Only Scratch’s tail could be seen, poking out of the cozy little cafe. “Urp… jussa… minute…”

“Now, Scratchie! What in Equestria possessed you? What are you even doing?”

Vinyl backed up, and emerged, licking her lips. She burped again. “Doing? ‘m helping.”

“Ew, Vinyl!” wailed Octavia. “What are you eating? You’re a pony! Is that really…”

“I’m a unicorn,” replied Scratch. “From Neighpon. And they don’t do this in Ponyville, or at least not that I’ve seen… and it’s sushi, Tavi. It’s fish.”

“Ewww!” cried Octavia.

“Well, we have a long journey, Tavi!” argued Scratch. “I should be ready! I could nearly pull the cart after all that sushi. Mmmmm.”

Big Macintosh blinked. “That’s my job, ma’am.”

“Well, want some sushi?” suggested Scratch. “I haven’t finished eating all of it yet.”

“Nuh-uh!” protested Big Macintosh, recoiling, shoving the cart back.

“Oh, no!” squealed Octavia. She dove, and caught her toppling cello, and glared at him.

“Okay, first of all be more careful Big Macintosh,” ordered Scratch. “Second, I thought you said the cart was secure, Tavi. And thirdly, this is what Neighponnese unicorns do. Hey, even back home I’ve seen Fluttershy feeding weasels and stuff with fish. It gives you a lot more energy and, like, rar-fierce-pony-ness than grass does. Unicorns here eat this stuff to build up their magic more intensely.” She winced. “As you know, that’s kind of important to us.”

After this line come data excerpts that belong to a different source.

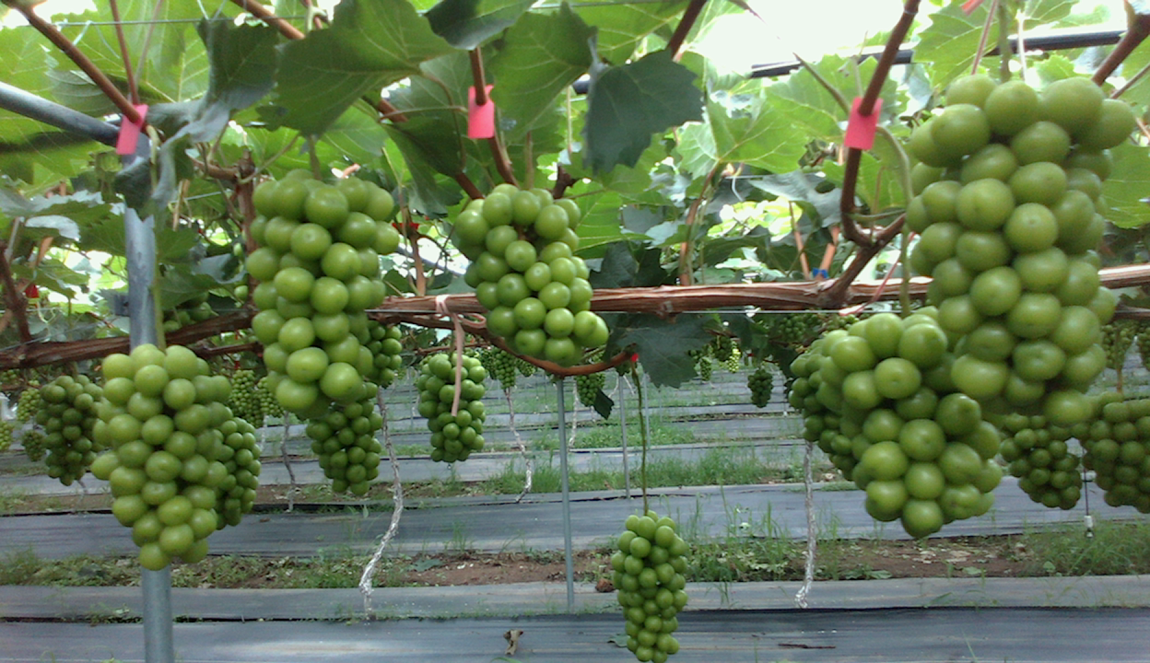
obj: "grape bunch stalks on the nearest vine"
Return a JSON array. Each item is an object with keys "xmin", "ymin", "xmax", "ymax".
[
  {"xmin": 525, "ymin": 132, "xmax": 534, "ymax": 192},
  {"xmin": 875, "ymin": 124, "xmax": 911, "ymax": 320},
  {"xmin": 999, "ymin": 1, "xmax": 1009, "ymax": 85},
  {"xmin": 146, "ymin": 125, "xmax": 167, "ymax": 356}
]
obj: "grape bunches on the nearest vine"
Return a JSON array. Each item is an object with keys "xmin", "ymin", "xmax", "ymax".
[
  {"xmin": 246, "ymin": 168, "xmax": 400, "ymax": 413},
  {"xmin": 903, "ymin": 74, "xmax": 1134, "ymax": 427},
  {"xmin": 455, "ymin": 183, "xmax": 609, "ymax": 368},
  {"xmin": 91, "ymin": 343, "xmax": 230, "ymax": 572},
  {"xmin": 816, "ymin": 307, "xmax": 1002, "ymax": 538}
]

“Do them crazy pegasuses eat fish too?” asked Big Macintosh.

“Did you ask ‘em?” inquired Scratch, lifting an eyebrow behind her shades.

“Nope. Jes’ fucked em.”

“You might find some of their extra intensity comes from their diet,” said Vinyl Scratch. “The Kirin are okay with it, but very strict that no fish should die needlessly. Sometimes they protect certain types of fish if they think they’re becoming too scarce. And yes, our pegasi did also learn to eat fish protein.” She winced again. “Partly when they had to go to war with bands of unicorns. We’re better now, but yeah, unicorns get a lot of energy from the weird diet, and pegasi got really into it when they were needed as warriors. I think by now it’s mostly pegasi who do the fishing. Inland, I mean. In the sea, it’s all sorts, but inland you get pegasi with these spears going fishing in rivers. I’ve seen it, when I was growing up.”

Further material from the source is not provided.